## RECORDS FOR THIS TASK
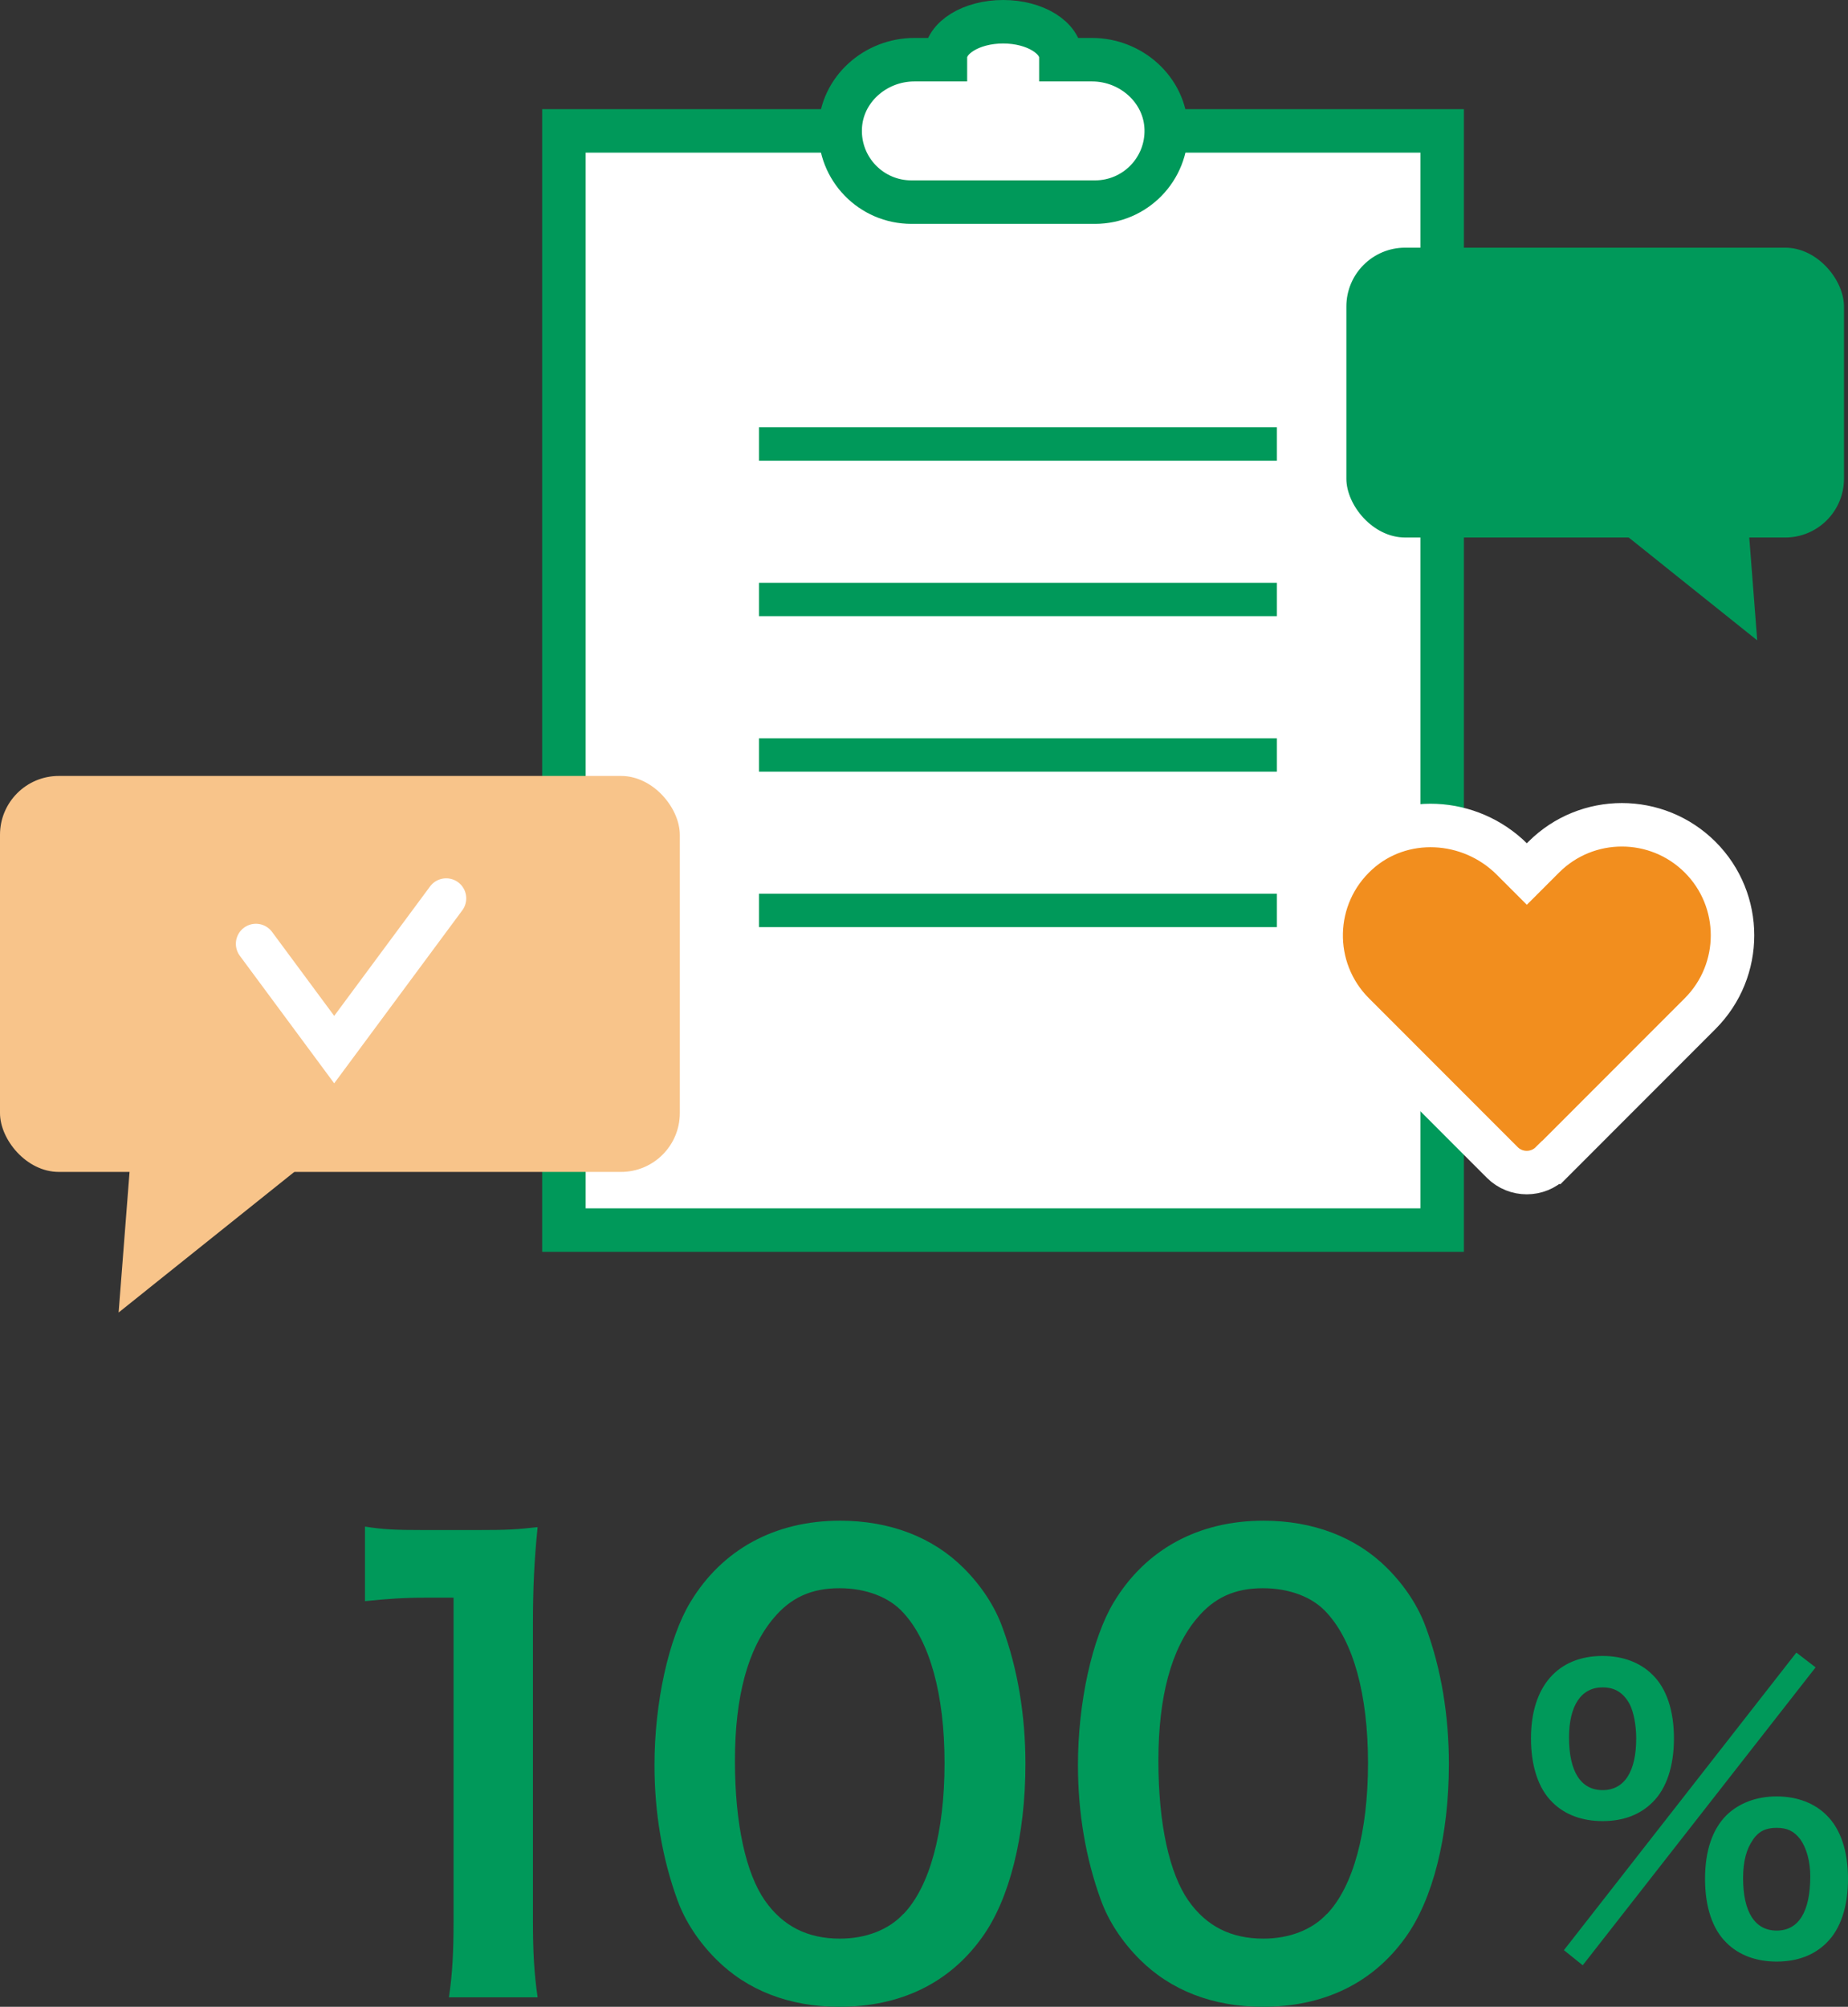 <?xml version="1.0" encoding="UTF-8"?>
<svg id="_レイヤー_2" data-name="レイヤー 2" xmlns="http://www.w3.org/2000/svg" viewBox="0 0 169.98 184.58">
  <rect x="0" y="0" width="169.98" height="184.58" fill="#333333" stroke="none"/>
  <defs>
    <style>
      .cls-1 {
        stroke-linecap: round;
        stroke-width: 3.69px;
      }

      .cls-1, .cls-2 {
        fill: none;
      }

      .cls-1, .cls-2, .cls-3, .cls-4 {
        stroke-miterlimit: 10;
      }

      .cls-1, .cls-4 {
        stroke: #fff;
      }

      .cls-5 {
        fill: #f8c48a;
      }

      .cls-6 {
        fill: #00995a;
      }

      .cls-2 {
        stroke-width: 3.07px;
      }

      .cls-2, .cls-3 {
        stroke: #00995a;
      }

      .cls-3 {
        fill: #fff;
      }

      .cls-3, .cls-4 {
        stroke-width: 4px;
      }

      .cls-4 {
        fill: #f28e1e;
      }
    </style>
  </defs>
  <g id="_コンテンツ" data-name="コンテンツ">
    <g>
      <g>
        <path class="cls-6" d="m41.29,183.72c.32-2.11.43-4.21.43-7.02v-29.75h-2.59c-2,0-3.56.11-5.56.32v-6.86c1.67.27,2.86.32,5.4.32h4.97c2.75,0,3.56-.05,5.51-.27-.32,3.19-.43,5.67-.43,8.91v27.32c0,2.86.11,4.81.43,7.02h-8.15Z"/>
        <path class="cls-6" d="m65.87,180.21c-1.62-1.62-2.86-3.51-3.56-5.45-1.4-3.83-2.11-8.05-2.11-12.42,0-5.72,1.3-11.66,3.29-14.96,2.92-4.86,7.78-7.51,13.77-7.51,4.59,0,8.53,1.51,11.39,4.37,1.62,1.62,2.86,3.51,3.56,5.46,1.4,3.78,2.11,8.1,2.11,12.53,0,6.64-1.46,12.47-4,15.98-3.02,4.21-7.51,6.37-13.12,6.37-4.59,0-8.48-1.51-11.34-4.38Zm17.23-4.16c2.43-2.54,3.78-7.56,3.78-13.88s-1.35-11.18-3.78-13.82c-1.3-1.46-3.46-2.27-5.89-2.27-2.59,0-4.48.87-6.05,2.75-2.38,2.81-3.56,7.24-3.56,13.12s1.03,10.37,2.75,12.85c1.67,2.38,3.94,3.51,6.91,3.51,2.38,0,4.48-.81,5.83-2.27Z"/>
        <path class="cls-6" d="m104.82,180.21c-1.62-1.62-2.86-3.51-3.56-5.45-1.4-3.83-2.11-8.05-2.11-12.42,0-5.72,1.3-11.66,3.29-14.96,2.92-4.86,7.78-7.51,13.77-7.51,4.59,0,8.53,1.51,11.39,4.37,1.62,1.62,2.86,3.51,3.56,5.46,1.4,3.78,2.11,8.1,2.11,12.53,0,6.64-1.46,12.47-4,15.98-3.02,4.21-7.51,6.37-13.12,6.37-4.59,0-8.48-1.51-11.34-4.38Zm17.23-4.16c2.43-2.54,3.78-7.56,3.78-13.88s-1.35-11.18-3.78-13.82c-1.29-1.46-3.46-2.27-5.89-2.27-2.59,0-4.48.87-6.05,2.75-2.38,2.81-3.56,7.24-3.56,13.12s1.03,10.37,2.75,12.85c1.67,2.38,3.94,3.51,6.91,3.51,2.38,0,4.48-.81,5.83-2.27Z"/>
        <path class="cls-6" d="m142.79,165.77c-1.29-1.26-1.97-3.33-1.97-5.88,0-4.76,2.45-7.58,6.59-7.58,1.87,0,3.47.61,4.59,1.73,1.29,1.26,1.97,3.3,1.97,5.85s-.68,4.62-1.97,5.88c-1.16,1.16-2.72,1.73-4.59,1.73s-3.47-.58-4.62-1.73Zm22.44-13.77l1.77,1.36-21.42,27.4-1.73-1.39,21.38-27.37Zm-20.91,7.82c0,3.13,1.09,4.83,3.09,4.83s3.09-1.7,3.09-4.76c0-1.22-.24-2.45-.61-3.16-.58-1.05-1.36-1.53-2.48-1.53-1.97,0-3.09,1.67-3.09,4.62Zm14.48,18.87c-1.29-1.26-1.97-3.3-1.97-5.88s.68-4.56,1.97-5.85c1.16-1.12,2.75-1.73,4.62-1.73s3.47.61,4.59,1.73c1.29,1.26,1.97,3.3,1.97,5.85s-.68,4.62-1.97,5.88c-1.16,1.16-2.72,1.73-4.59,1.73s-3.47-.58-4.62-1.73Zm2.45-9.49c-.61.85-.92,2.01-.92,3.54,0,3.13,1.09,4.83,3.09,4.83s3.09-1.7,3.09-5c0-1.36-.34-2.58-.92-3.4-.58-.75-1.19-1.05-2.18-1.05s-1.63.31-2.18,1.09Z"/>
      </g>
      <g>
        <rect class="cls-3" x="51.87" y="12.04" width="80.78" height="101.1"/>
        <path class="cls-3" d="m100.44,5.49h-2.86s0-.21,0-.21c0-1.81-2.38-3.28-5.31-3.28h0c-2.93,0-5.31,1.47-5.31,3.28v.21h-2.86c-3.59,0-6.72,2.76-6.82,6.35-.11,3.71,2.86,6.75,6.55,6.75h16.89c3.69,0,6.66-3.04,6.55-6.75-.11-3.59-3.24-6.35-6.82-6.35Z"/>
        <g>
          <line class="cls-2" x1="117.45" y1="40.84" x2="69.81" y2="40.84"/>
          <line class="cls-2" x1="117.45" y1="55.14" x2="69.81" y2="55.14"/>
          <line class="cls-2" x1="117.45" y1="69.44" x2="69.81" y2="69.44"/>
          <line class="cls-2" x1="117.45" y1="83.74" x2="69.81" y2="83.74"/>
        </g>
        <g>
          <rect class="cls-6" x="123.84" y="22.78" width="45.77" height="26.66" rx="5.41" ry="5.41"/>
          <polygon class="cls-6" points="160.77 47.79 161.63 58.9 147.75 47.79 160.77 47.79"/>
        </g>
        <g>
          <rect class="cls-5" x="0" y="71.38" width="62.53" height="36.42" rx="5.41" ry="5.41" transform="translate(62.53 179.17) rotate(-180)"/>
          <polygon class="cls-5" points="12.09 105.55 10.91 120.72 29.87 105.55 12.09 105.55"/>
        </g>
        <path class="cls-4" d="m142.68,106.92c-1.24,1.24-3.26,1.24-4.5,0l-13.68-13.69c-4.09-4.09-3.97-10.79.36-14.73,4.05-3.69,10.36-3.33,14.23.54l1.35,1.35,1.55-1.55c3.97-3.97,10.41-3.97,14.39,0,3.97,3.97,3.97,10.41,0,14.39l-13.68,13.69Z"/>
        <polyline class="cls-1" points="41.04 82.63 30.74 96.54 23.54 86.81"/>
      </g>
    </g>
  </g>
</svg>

## WORK TO BE COMPLETED
Extract each line holding the word "stroke" from the records.

## TASK ANSWER
  <rect x="0" y="0" width="169.98" height="184.58" fill="#333333" stroke="none"/>
        stroke-linecap: round;
        stroke-width: 3.69px;
        stroke-miterlimit: 10;
        stroke: #fff;
        stroke-width: 3.07px;
        stroke: #00995a;
        stroke-width: 4px;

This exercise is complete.